Due to years of bad weather and salty roads (the car is from California), the catback has rusted out on my dad's 1993 Altima.

First we took off the muffler with no problem. Then we tried disconnecting the the pipe from the cat. Unfortunately, we could not figure out how the pipe was bolted to the catalytic converter. So we ended up just cutting off the pipe from the cat. 

This worked very well for just getting the pipe off of the car. However, there are now 2 bolts sticking out of the catalytic converter which we cannot figure out how to take out.

Here are two pictures of the bolts in their current shape:

With the old gasket on:









With the gasket off:










Hopefully, there is someone on this forum that can offer some suggestions for taking those bolts out.


----------



## NALtech (Oct 30, 2009)

They either had nuts or bolts holding it on. Now that you've cut it, just cut it flush with the flange and drill out the stud. You more then likely won't have any threads left so have new nuts and bolts handy. Once drilled out you can now install the new hardware.


----------



## holymoo (Mar 13, 2006)

yeah, that's what we decided to do. It's taking forever to drill out the bolts, but I don't see any other way.


----------



## altimanum1 (Jun 19, 2009)

I had the same problem B4, i used a torch to heat up the broken bolts and with some locking pliers then kome out Quickly.


----------



## rogoman (Dec 16, 2004)

holymoo said:


> .
> 
> This worked very well for just getting the pipe off of the car. However, there are now 2 bolts sticking out of the catalytic converter which we cannot figure out how to take out.


The best way to remove rusted up bolts is to heat the area, where the bolt screws in, with an acetylene torch; heat it up so that there's a dull cherry red glow. The bolt should now come out easily.


----------



## Clubwise (Jan 3, 2010)

rogoman said:


> The best way to remove rusted up bolts is to heat the area, where the bolt screws in, with an acetylene torch; heat it up so that there's a dull cherry red glow. The bolt should now come out easily.
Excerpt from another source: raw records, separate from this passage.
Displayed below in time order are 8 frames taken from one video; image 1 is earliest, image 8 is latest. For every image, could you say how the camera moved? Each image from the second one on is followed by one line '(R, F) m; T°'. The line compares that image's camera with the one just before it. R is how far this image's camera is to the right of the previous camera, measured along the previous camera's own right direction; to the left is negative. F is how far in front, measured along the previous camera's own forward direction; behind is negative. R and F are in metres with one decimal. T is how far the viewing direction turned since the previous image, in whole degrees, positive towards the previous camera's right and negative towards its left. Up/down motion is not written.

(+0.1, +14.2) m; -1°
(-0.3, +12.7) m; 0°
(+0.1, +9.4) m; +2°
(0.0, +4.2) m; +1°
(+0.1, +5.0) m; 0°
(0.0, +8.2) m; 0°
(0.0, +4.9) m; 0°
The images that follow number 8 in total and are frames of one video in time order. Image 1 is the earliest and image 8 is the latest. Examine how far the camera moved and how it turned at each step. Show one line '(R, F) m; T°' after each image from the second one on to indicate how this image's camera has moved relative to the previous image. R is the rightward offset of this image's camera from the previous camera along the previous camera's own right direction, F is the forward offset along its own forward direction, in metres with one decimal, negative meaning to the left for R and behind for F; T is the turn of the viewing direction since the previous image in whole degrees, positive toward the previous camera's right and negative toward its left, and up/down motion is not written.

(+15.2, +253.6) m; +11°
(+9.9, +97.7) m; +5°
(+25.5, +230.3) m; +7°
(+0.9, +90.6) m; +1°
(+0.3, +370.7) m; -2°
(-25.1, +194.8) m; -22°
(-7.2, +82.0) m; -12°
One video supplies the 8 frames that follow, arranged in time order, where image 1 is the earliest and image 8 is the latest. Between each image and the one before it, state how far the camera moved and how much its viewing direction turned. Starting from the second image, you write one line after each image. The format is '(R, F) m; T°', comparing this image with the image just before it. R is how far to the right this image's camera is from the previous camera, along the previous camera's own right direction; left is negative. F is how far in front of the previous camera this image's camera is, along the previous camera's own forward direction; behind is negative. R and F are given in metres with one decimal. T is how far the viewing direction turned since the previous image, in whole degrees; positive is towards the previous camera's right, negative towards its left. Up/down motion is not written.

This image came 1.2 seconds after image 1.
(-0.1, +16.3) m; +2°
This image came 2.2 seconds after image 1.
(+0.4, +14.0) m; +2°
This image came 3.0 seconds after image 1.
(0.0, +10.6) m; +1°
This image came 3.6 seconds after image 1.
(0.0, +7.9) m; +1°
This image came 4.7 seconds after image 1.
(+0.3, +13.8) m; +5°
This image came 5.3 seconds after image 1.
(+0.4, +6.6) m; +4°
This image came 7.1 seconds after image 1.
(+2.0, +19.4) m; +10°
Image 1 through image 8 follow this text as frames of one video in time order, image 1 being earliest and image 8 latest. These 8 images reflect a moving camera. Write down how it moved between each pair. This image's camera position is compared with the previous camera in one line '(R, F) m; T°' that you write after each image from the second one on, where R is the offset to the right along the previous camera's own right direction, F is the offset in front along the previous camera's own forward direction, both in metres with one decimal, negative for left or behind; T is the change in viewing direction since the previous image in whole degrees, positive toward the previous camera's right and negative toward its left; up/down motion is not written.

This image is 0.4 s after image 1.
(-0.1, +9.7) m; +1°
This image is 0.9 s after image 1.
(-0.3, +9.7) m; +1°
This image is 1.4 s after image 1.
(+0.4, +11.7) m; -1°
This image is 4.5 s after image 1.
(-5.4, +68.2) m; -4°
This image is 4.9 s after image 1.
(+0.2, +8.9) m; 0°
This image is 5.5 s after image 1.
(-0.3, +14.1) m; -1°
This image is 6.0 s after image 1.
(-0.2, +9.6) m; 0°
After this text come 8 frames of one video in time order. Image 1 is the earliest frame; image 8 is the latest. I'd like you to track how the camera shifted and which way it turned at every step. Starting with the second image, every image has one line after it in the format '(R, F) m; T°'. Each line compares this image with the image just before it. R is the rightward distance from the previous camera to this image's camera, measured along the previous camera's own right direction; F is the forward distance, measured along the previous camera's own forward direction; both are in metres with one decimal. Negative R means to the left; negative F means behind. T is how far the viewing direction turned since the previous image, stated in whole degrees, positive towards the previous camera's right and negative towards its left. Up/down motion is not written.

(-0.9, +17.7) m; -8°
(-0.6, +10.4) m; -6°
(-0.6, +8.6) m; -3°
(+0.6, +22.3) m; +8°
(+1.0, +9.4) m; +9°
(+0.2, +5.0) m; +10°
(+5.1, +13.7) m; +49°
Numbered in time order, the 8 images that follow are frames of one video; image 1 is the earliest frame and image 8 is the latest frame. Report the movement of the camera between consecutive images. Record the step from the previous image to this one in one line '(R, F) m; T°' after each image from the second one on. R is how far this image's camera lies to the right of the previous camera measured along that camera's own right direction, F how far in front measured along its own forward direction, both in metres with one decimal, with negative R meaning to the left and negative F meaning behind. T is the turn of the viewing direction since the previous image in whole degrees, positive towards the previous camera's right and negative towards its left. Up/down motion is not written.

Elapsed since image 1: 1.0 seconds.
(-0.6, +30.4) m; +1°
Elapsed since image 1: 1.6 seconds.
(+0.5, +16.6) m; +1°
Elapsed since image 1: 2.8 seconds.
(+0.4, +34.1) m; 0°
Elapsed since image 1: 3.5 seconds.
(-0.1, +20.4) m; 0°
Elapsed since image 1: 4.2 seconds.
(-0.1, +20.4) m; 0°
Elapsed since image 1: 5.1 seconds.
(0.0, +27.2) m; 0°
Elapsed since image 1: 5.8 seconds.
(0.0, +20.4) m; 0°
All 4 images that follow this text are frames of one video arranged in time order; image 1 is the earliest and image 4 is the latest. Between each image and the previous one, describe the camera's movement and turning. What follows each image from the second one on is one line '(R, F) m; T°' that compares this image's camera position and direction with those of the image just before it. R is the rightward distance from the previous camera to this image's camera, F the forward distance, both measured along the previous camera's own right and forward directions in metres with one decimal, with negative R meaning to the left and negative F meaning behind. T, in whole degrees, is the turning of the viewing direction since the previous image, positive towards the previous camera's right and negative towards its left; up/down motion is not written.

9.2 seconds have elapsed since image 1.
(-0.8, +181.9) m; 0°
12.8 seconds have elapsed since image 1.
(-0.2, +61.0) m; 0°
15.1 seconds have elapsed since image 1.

This is actually the BEST way to get rusted out bolts, for just about any application. Also works well with loctited bolts and nuts, just watch for smoldering rust chips, they DO startle you.


----------



## holymoo (Mar 13, 2006)

> The best way to remove rusted up bolts is to heat the area, where the bolt screws in, with an acetylene torch; heat it up so that there's a dull cherry red glow. The bolt should now come out easily.


hmm. I wish I would have considered that as an option. However, we ended up just spending forever and half drilling out the bolts. It took a while, but it was surprisingly effective.


----------



## NALtech (Oct 30, 2009)

7 out of 10 times on rested bolts/studs on Nissan's heating won't work. I've seen some that were horrible and some be ok. The thing is Nissan puts their junk together with crappy hardware.


----------